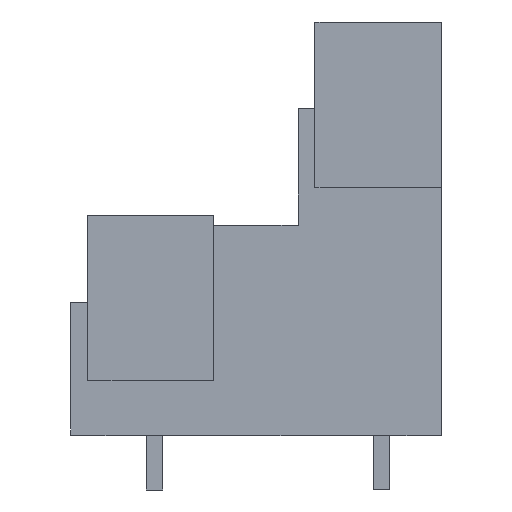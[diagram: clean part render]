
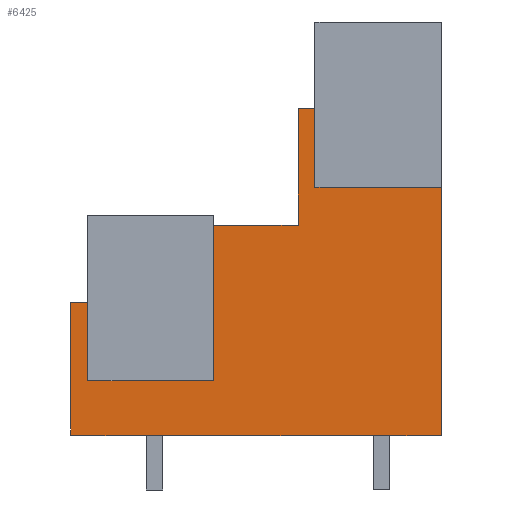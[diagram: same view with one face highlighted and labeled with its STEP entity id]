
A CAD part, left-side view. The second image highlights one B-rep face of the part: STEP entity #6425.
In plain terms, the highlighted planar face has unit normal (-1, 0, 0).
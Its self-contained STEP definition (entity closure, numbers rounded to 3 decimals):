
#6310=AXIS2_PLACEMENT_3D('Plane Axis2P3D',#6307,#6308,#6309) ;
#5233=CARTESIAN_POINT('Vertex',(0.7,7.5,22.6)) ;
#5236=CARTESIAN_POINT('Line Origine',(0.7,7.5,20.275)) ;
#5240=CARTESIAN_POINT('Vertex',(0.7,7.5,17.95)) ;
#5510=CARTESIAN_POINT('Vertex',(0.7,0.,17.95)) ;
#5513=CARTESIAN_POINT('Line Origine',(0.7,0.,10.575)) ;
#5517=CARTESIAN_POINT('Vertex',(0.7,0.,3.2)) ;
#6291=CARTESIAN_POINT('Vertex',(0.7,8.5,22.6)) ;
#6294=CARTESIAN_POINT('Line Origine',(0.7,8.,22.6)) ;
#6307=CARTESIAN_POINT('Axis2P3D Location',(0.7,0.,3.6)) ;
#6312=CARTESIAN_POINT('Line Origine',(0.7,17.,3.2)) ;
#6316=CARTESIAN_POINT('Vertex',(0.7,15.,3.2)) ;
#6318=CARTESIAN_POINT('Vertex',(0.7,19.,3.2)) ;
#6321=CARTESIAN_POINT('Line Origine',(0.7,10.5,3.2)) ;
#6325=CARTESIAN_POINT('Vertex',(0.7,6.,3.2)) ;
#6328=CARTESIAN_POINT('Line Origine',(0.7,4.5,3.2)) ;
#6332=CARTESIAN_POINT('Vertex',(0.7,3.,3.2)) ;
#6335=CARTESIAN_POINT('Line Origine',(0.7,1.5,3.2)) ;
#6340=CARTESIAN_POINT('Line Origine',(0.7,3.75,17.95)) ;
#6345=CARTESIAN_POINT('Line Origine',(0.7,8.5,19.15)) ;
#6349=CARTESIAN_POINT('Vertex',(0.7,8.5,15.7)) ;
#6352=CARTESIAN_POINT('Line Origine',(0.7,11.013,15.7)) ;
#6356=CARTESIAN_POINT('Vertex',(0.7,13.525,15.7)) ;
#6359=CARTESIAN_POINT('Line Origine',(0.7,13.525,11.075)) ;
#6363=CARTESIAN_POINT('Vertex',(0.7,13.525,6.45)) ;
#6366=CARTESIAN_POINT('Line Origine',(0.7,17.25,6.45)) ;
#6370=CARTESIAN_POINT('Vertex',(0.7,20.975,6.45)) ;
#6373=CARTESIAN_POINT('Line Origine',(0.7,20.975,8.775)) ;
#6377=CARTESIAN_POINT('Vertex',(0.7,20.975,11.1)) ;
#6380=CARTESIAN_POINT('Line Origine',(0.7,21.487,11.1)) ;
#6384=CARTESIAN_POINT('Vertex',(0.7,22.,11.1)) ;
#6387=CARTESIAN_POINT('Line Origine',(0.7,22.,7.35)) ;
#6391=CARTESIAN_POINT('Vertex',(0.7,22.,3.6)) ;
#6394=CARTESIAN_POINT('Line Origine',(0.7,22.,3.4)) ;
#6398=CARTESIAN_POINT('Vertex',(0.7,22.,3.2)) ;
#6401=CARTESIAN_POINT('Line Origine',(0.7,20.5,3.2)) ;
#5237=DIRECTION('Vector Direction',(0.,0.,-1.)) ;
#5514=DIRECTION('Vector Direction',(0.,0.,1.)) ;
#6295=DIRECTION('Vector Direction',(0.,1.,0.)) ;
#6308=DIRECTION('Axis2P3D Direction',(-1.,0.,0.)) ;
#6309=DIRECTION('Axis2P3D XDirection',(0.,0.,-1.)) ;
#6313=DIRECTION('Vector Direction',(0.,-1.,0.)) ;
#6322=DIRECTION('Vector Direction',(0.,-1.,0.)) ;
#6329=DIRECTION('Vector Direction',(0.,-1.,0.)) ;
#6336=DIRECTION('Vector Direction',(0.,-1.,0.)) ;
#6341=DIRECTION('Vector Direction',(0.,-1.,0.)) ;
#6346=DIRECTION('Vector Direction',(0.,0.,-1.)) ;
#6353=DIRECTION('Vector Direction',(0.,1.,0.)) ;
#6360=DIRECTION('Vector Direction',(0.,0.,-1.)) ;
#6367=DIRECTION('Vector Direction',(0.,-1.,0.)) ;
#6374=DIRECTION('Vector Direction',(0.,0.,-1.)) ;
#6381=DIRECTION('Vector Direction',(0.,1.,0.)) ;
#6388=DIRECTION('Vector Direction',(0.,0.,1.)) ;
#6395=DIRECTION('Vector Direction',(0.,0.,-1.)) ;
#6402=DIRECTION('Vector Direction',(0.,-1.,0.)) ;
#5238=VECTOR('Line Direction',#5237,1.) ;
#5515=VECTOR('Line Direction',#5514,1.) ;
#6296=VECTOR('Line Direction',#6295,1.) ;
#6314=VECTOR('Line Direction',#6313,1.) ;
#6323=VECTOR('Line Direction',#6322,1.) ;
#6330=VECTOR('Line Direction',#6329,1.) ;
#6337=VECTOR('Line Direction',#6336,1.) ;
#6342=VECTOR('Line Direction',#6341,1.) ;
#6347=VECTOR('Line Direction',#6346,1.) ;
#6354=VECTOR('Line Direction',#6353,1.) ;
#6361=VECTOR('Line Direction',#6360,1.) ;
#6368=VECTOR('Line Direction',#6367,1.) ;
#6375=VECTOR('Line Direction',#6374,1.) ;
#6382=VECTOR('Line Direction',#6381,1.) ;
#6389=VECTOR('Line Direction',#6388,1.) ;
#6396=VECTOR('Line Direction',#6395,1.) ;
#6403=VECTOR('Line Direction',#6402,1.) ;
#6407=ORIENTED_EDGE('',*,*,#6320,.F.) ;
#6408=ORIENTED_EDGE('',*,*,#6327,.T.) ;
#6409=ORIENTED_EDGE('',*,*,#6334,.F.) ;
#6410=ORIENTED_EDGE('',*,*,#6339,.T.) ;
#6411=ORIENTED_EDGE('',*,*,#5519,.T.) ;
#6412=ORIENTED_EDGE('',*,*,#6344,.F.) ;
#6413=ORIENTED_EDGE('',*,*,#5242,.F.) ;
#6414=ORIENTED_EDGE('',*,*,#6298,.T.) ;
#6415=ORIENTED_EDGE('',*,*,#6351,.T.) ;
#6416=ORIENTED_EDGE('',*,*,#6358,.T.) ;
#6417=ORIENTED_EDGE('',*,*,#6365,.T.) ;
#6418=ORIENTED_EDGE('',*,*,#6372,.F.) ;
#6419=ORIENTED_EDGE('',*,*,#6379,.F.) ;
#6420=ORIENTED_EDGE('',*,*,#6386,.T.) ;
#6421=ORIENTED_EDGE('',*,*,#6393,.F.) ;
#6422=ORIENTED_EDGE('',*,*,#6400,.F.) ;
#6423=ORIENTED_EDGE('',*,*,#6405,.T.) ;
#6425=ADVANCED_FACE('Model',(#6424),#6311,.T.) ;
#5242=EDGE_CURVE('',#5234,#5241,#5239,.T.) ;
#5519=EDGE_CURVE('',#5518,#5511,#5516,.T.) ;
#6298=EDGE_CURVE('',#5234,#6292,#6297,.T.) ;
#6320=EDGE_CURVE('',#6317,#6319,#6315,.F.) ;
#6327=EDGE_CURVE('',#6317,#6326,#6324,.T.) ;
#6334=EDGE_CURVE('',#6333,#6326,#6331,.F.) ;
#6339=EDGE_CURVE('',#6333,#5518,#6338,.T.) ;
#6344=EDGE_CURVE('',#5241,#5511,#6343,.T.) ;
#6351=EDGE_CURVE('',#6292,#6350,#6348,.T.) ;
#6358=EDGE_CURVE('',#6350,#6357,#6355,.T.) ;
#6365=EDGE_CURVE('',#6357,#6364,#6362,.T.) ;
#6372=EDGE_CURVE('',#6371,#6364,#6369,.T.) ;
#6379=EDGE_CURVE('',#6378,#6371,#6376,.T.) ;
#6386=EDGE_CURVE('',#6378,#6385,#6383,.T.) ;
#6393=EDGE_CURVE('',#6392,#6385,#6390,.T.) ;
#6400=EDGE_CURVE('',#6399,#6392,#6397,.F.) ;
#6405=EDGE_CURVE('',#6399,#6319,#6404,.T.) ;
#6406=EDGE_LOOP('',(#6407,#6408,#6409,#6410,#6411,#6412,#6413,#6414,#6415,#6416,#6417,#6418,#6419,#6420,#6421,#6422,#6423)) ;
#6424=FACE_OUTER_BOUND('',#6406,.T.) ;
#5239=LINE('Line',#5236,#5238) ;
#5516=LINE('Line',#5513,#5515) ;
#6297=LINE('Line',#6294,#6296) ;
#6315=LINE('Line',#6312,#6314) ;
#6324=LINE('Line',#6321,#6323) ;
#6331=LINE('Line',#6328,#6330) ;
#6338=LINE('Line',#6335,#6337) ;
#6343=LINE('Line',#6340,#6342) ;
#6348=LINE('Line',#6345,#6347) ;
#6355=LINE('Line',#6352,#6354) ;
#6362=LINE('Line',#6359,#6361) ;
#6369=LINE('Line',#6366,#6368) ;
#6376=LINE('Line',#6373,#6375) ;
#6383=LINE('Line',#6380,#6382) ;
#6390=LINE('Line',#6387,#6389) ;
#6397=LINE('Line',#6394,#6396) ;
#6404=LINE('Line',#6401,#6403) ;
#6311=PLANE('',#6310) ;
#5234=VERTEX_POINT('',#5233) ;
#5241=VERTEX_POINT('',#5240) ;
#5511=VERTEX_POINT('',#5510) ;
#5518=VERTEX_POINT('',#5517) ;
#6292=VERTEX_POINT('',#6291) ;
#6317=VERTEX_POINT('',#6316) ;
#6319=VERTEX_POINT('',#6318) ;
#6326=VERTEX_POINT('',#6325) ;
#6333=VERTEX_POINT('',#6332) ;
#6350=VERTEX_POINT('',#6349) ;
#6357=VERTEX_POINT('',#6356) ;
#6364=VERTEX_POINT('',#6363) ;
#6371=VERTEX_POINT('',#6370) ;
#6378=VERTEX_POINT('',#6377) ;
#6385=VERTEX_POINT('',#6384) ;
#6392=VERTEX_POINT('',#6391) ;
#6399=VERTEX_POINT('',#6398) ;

EXERCISE DETAILS —
From the listing above, repeat exactly the lines starting at the line that includes "#6381=DIRECTION('Vector Direction',(0.,1.,0.)) ;" and ending at the line that includes "#6347=VECTOR('Line Direction',#6346,1.) ;", with nothing outside that span.

EXERCISE SOLUTION —
#6381=DIRECTION('Vector Direction',(0.,1.,0.)) ;
#6388=DIRECTION('Vector Direction',(0.,0.,1.)) ;
#6395=DIRECTION('Vector Direction',(0.,0.,-1.)) ;
#6402=DIRECTION('Vector Direction',(0.,-1.,0.)) ;
#5238=VECTOR('Line Direction',#5237,1.) ;
#5515=VECTOR('Line Direction',#5514,1.) ;
#6296=VECTOR('Line Direction',#6295,1.) ;
#6314=VECTOR('Line Direction',#6313,1.) ;
#6323=VECTOR('Line Direction',#6322,1.) ;
#6330=VECTOR('Line Direction',#6329,1.) ;
#6337=VECTOR('Line Direction',#6336,1.) ;
#6342=VECTOR('Line Direction',#6341,1.) ;
#6347=VECTOR('Line Direction',#6346,1.) ;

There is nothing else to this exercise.